EXERCISE INPUTS:
- - - -
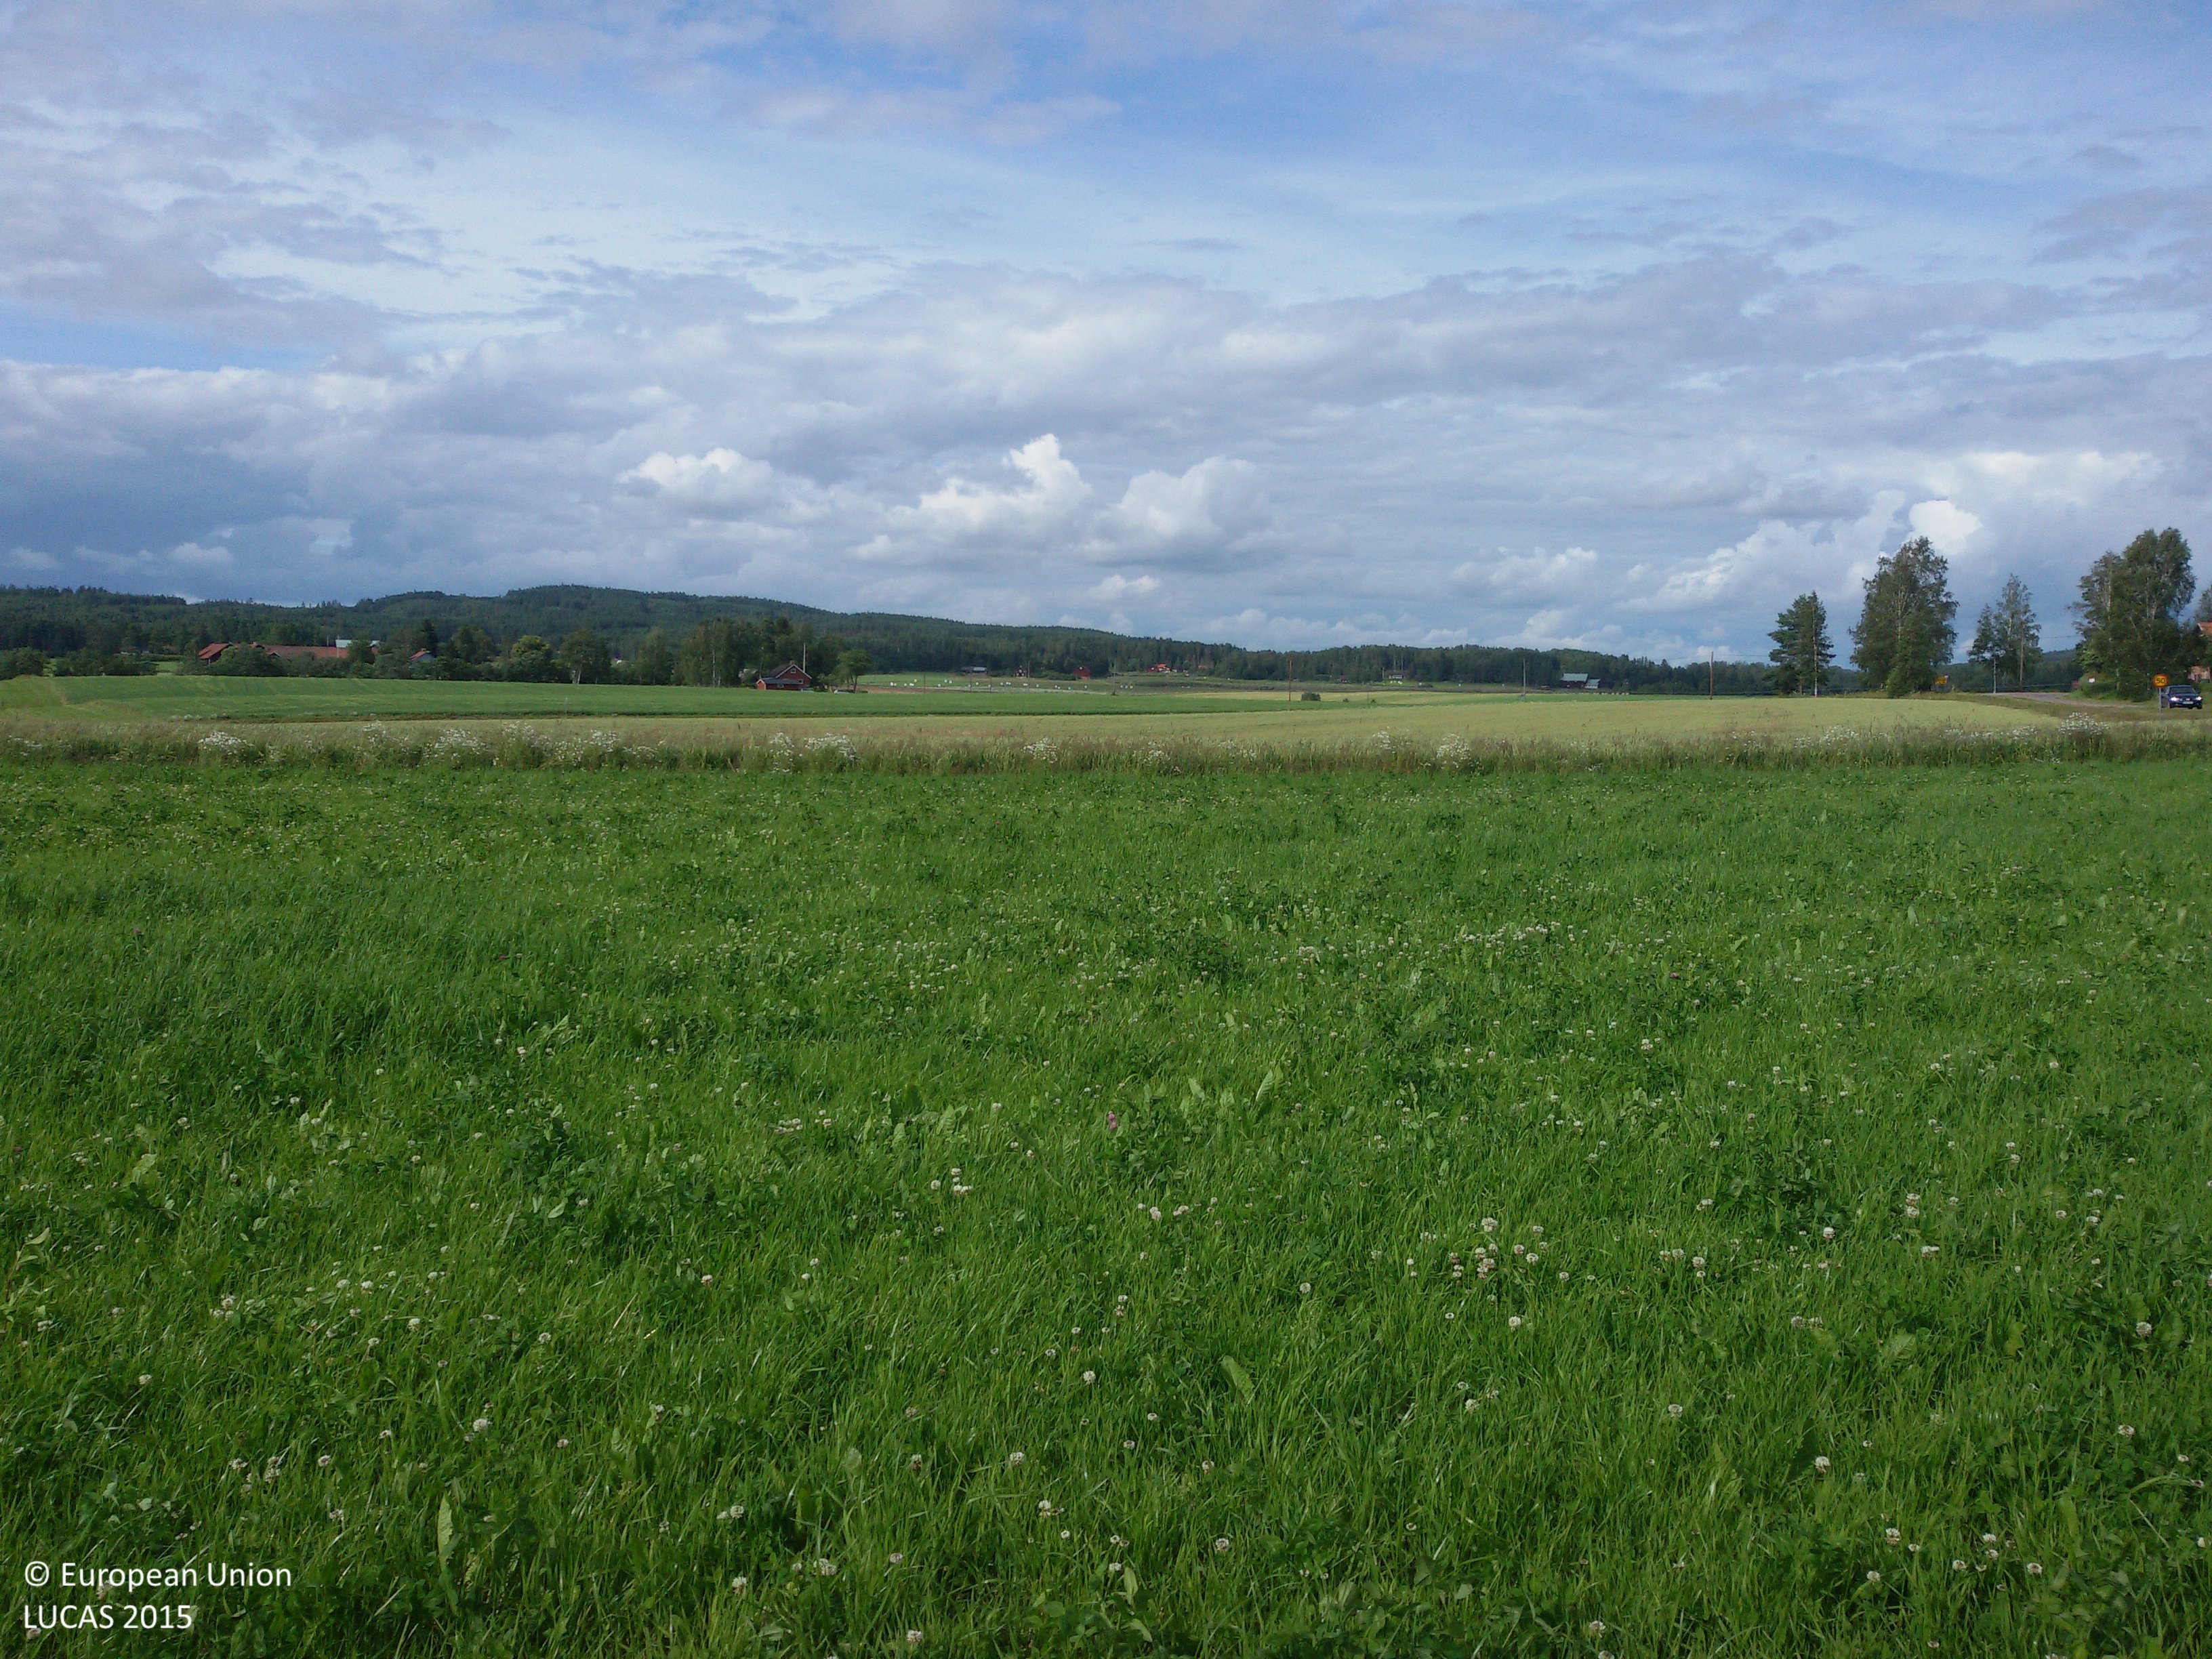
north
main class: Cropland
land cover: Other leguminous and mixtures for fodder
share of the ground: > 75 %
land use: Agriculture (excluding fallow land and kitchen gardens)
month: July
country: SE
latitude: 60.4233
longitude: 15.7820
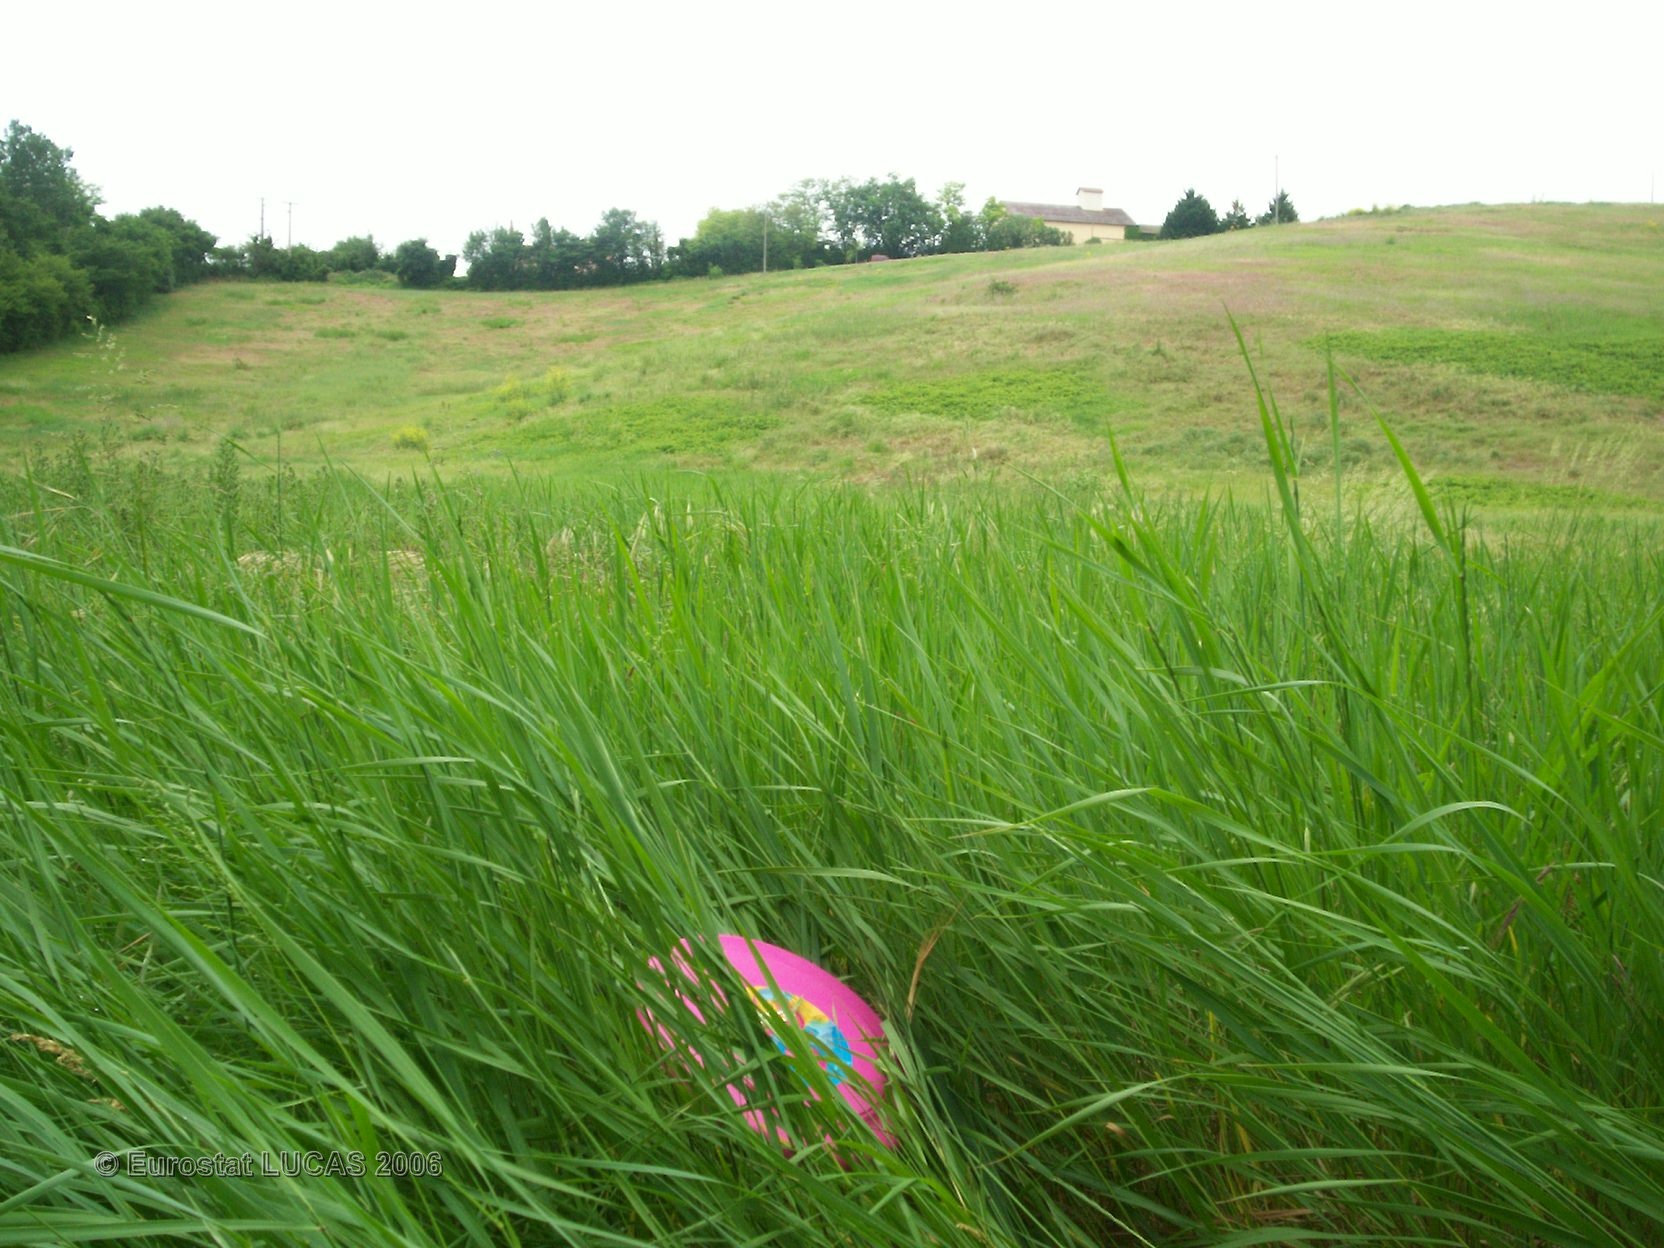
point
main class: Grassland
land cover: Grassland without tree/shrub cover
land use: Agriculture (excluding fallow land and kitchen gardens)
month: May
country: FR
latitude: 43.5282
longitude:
- - - -
AIM OF THE TASK:
Output, exactly and with no pictures, every line from the one that contains "share of the ground: > 75 %" through the final line of the entries.

SOLUTION BELOW:
share of the ground: > 75 %
land use: Agriculture (excluding fallow land and kitchen gardens)
month: July
country: SE
latitude: 60.4233
longitude: 15.7820
point
main class: Grassland
land cover: Grassland without tree/shrub cover
land use: Agriculture (excluding fallow land and kitchen gardens)
month: May
country: FR
latitude: 43.5282
longitude:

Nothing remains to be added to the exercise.